* [Your task]: Return each line exactly, from the one that has "Time elapsed from image 1: 5.9 s." through the end of the entries, both ends included. Pictures do not belong.

* [Records for the exercise]:

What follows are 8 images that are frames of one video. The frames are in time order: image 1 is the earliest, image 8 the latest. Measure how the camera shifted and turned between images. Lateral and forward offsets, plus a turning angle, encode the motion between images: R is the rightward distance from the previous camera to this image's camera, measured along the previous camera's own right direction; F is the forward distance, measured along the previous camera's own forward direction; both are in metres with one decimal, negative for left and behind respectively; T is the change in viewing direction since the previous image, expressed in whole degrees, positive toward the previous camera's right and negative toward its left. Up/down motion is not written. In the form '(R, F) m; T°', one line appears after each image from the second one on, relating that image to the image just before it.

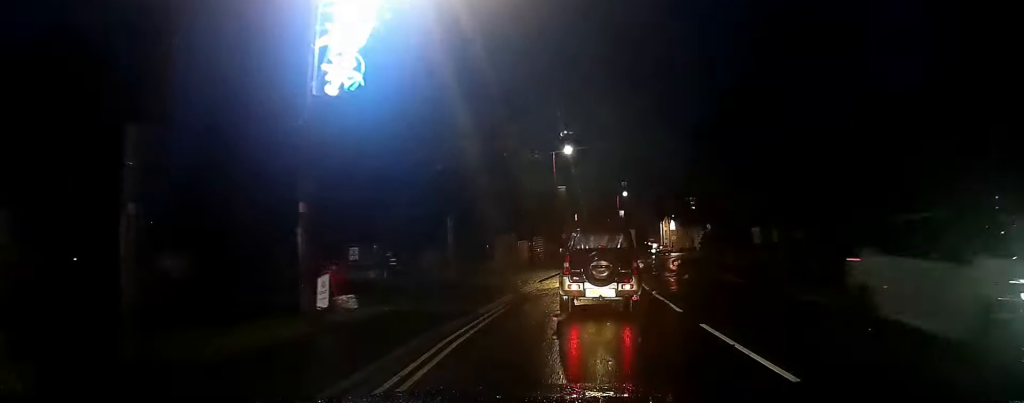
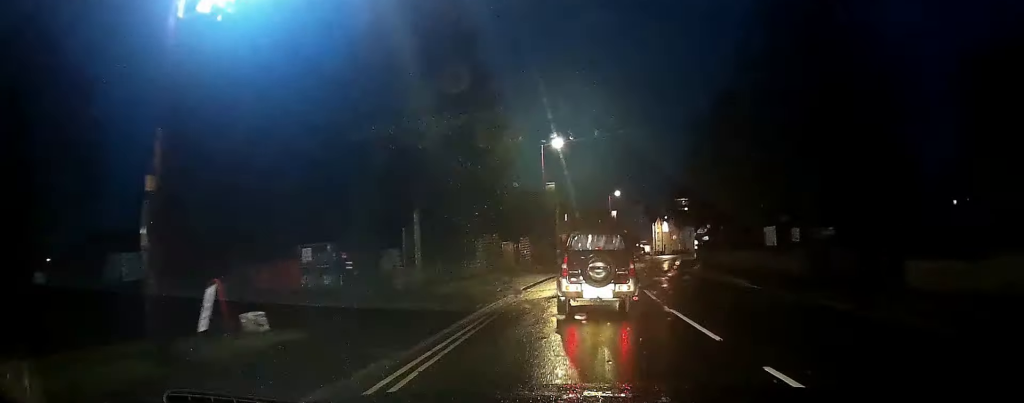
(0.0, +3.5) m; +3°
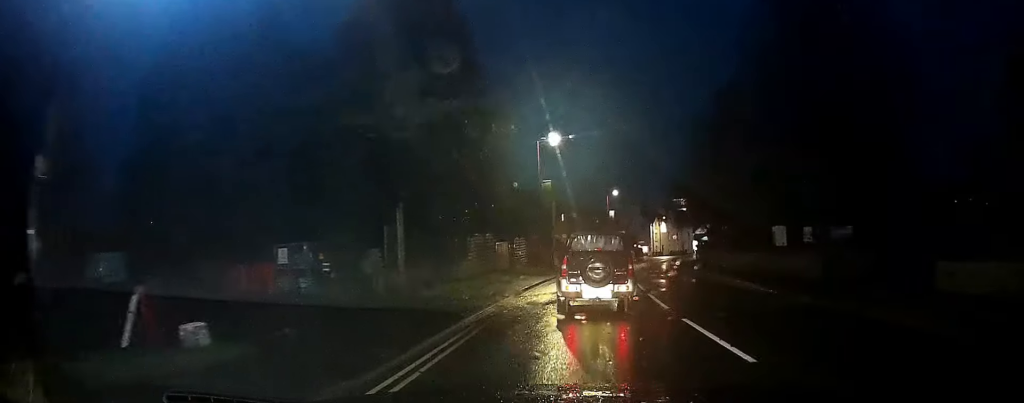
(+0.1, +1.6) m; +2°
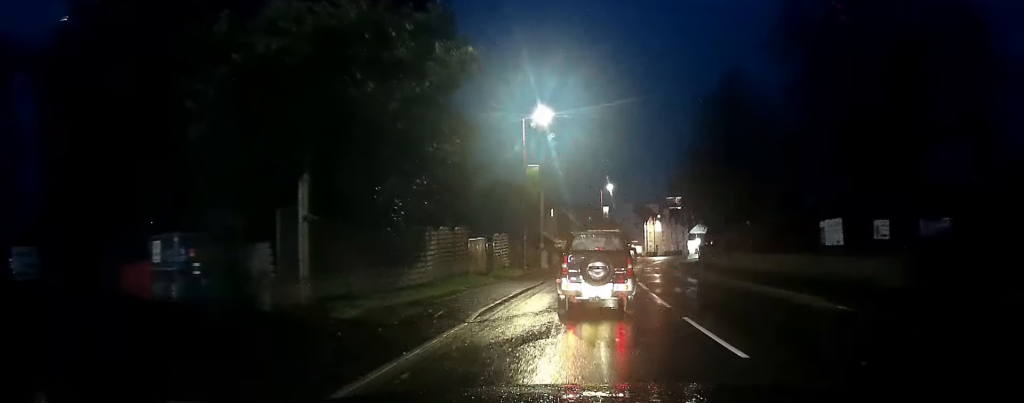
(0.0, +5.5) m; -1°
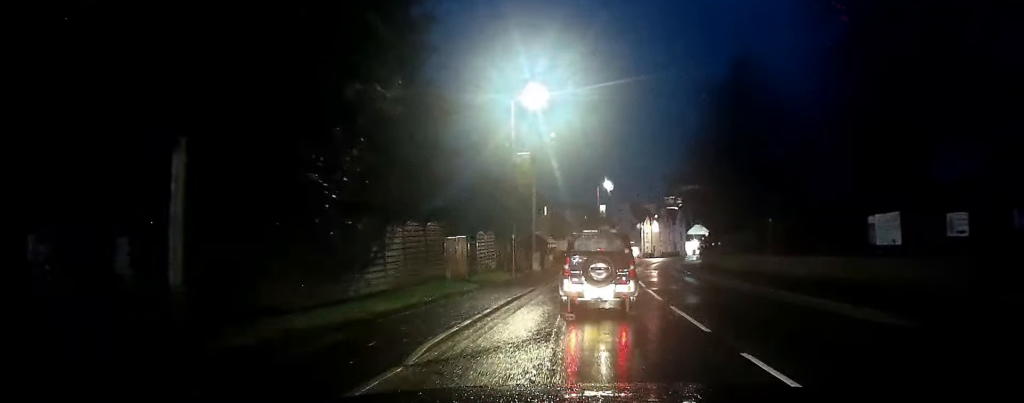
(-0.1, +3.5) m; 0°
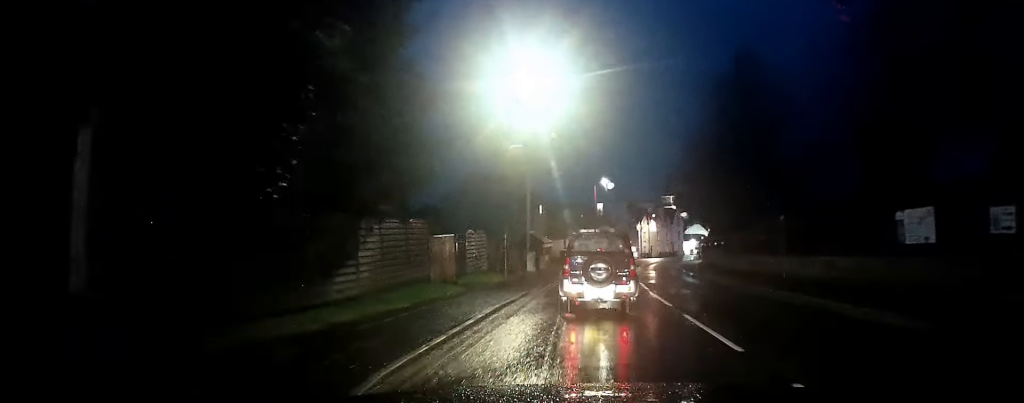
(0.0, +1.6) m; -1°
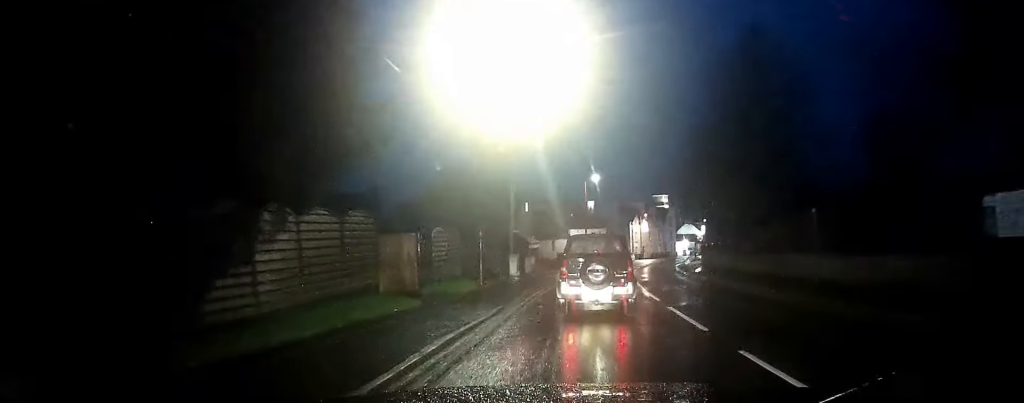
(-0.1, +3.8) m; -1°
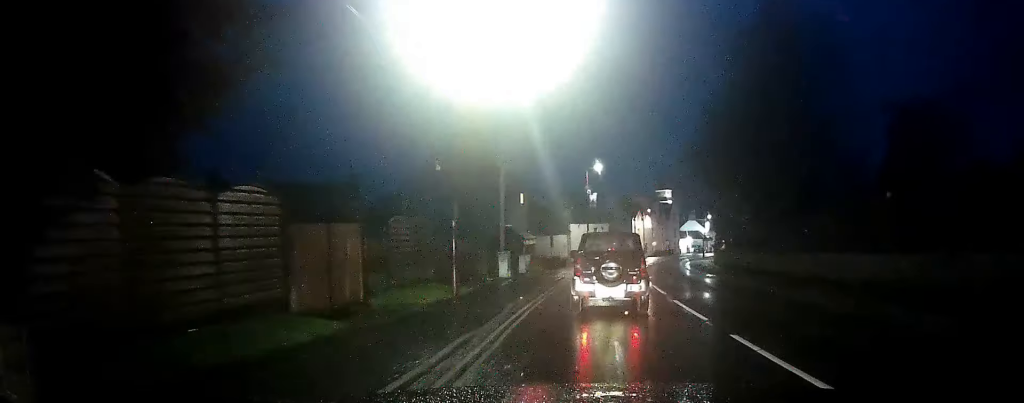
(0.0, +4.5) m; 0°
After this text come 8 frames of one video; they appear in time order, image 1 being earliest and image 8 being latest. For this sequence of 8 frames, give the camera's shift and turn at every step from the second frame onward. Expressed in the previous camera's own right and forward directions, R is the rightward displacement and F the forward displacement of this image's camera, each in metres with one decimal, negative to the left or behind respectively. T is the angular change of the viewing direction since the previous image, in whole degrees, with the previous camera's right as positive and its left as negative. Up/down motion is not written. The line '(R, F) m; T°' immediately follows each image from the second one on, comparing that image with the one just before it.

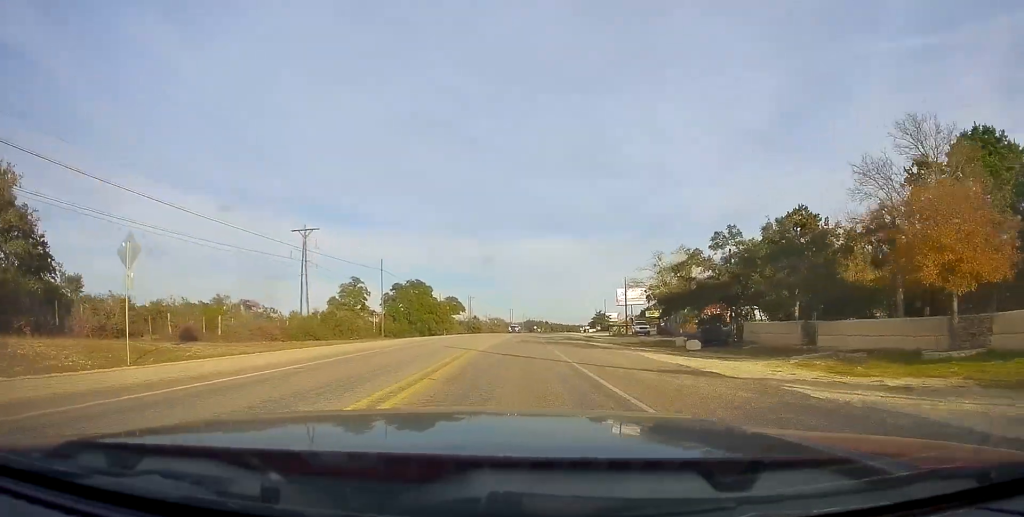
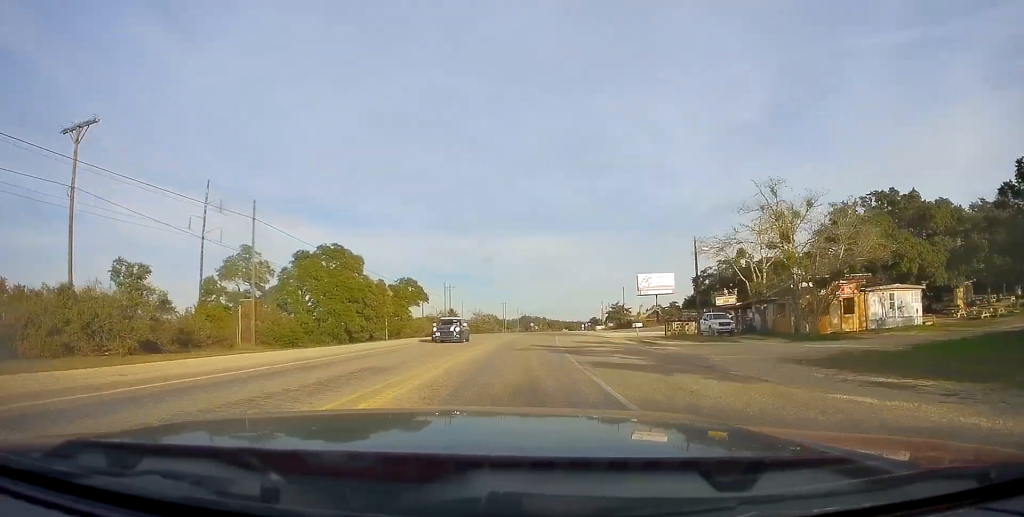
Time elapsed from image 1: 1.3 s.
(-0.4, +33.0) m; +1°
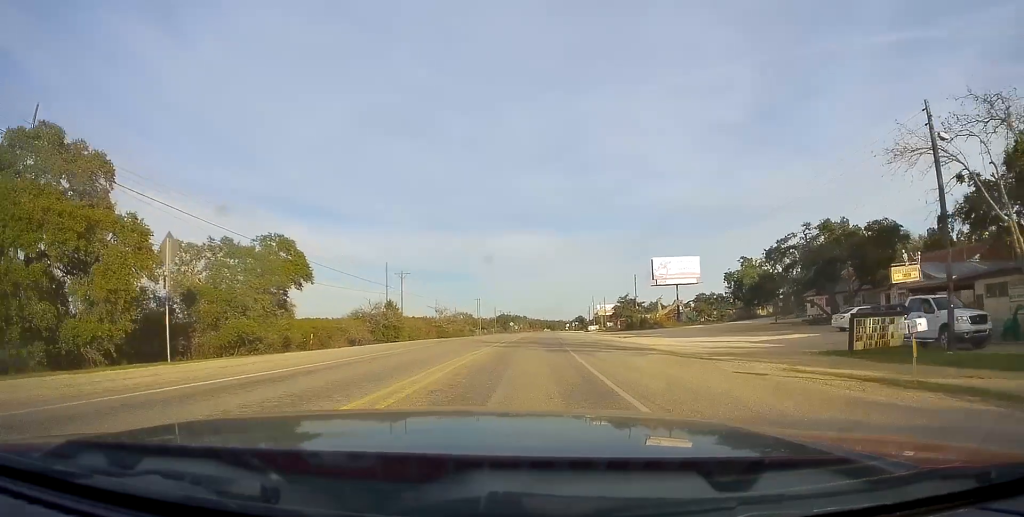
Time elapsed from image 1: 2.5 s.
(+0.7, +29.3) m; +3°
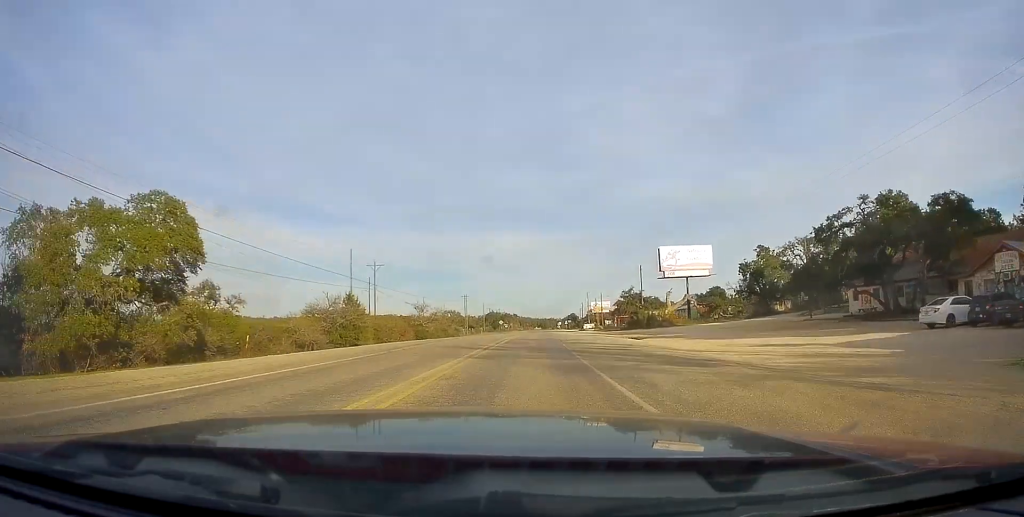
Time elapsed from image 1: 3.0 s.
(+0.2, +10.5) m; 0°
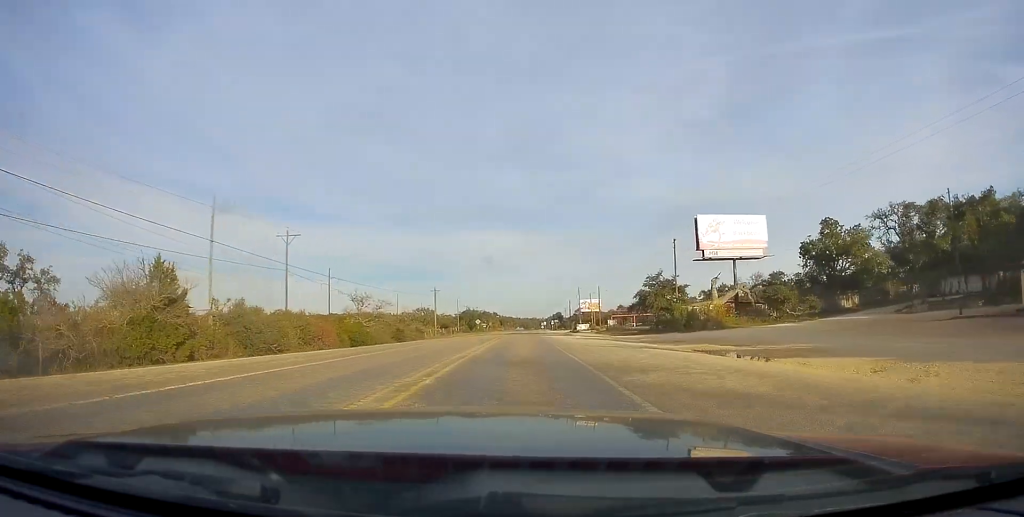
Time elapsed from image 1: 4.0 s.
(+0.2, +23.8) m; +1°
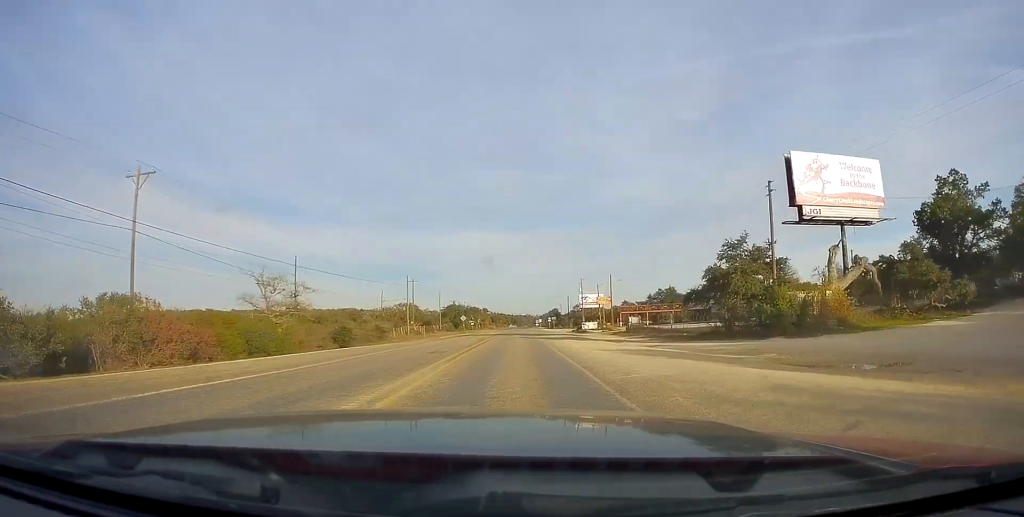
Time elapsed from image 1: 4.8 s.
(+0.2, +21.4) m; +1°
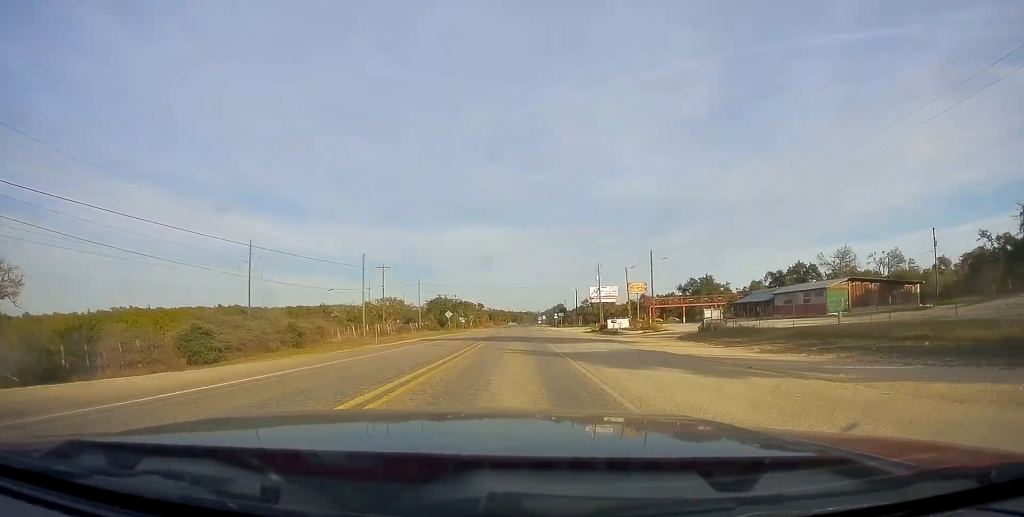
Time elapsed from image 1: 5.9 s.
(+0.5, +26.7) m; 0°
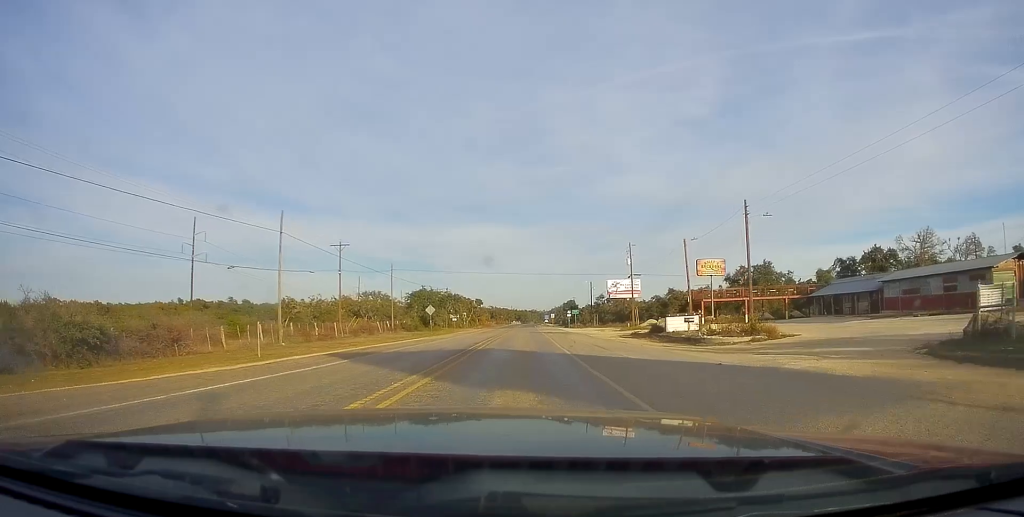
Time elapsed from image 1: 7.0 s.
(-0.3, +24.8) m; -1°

* [Response to this exercise]:
Time elapsed from image 1: 5.9 s.
(+0.5, +26.7) m; 0°
Time elapsed from image 1: 7.0 s.
(-0.3, +24.8) m; -1°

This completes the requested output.